Please restate, word for word, the lines below that begin at the one with "main class: Cropland" and end at the one with "longitude: 4.3383". Leave out all other lines.

--- Listed records Enclosed Below ---

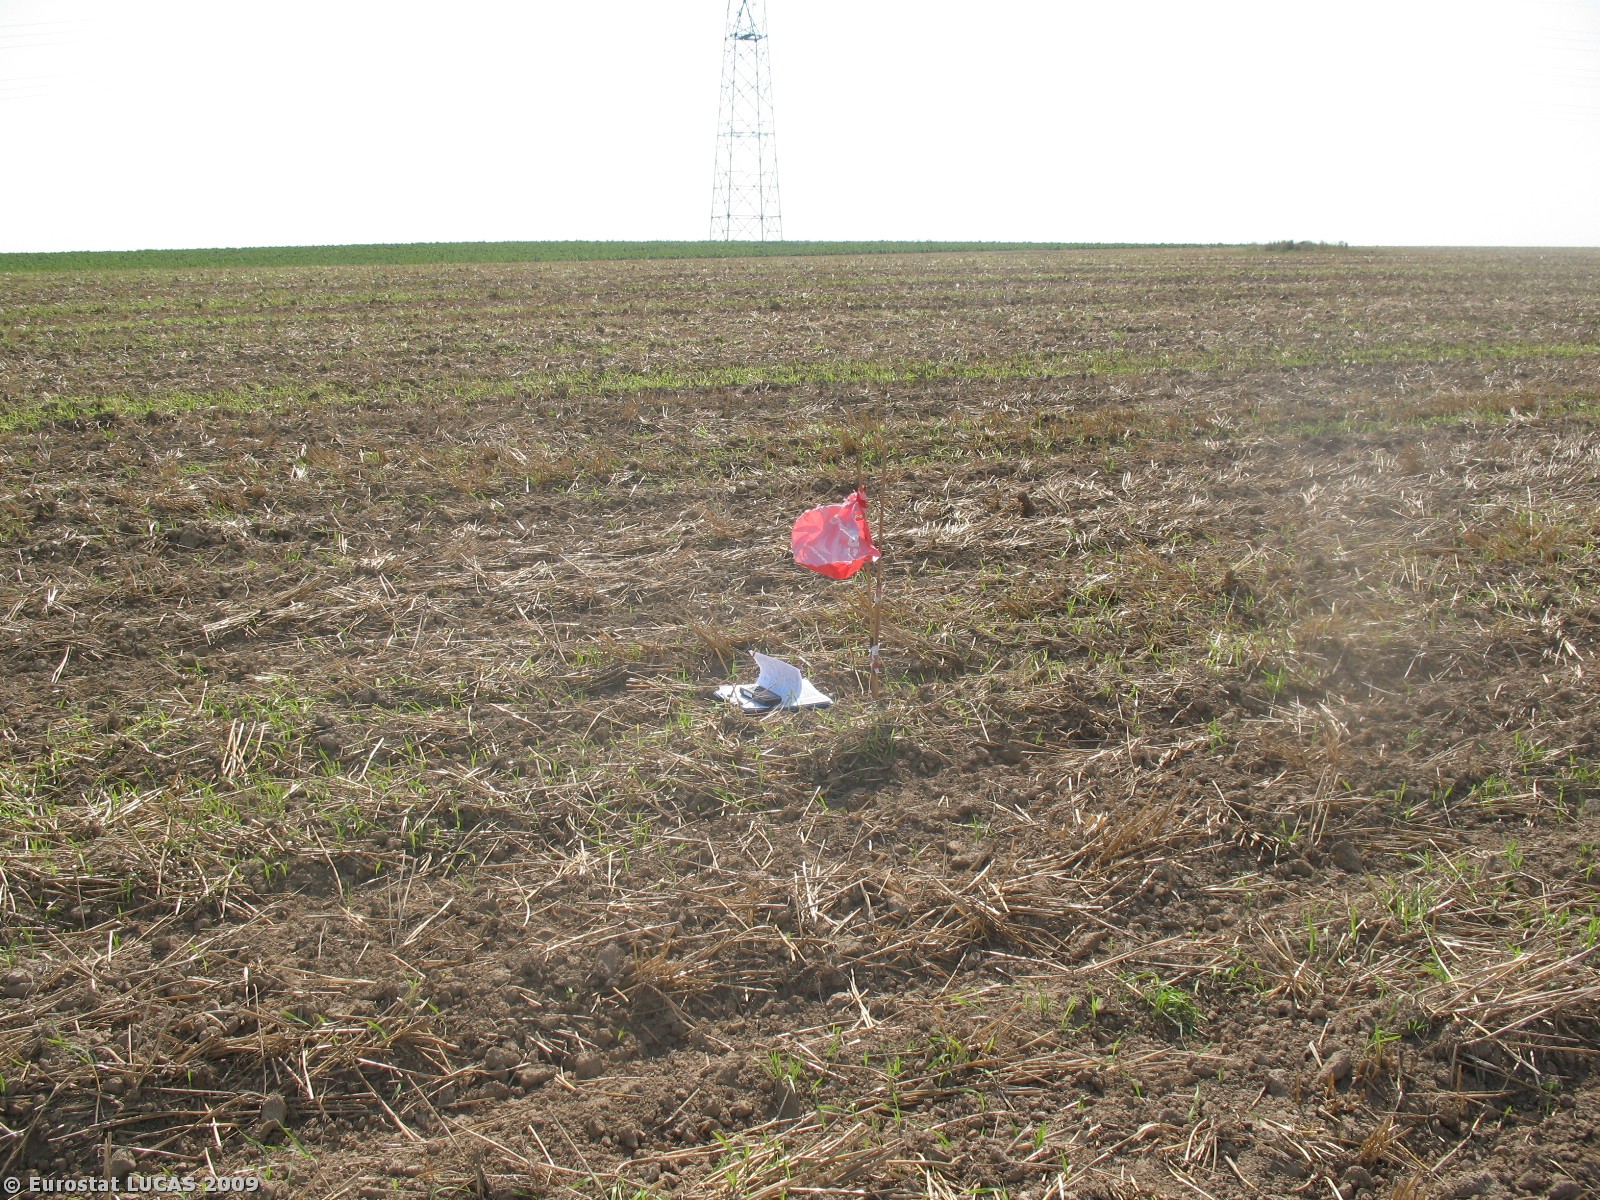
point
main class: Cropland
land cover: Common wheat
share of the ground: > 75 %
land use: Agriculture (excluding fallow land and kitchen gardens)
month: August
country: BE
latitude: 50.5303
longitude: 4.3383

--- End of Enclosed Listed records ---
--- Listed records Enclosed Below ---

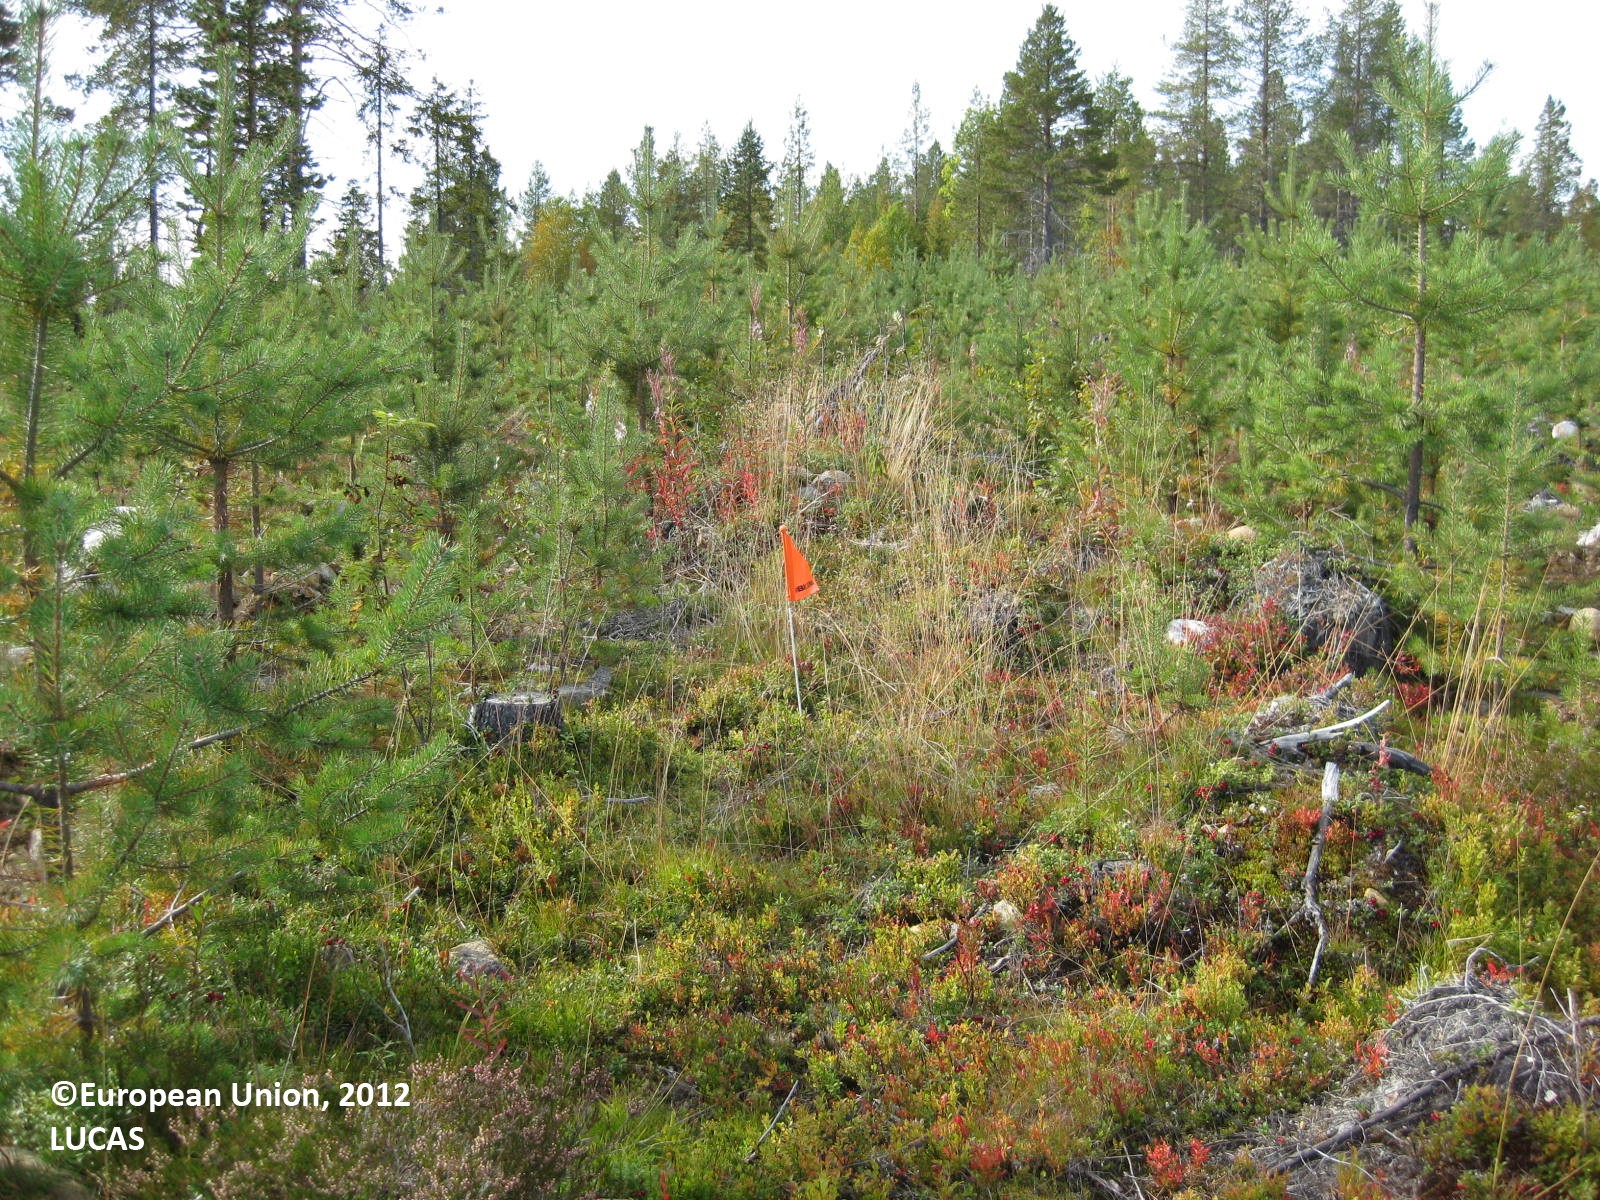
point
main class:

--- End of Enclosed Listed records ---

Output for this task:
main class: Cropland
land cover: Common wheat
share of the ground: > 75 %
land use: Agriculture (excluding fallow land and kitchen gardens)
month: August
country: BE
latitude: 50.5303
longitude: 4.3383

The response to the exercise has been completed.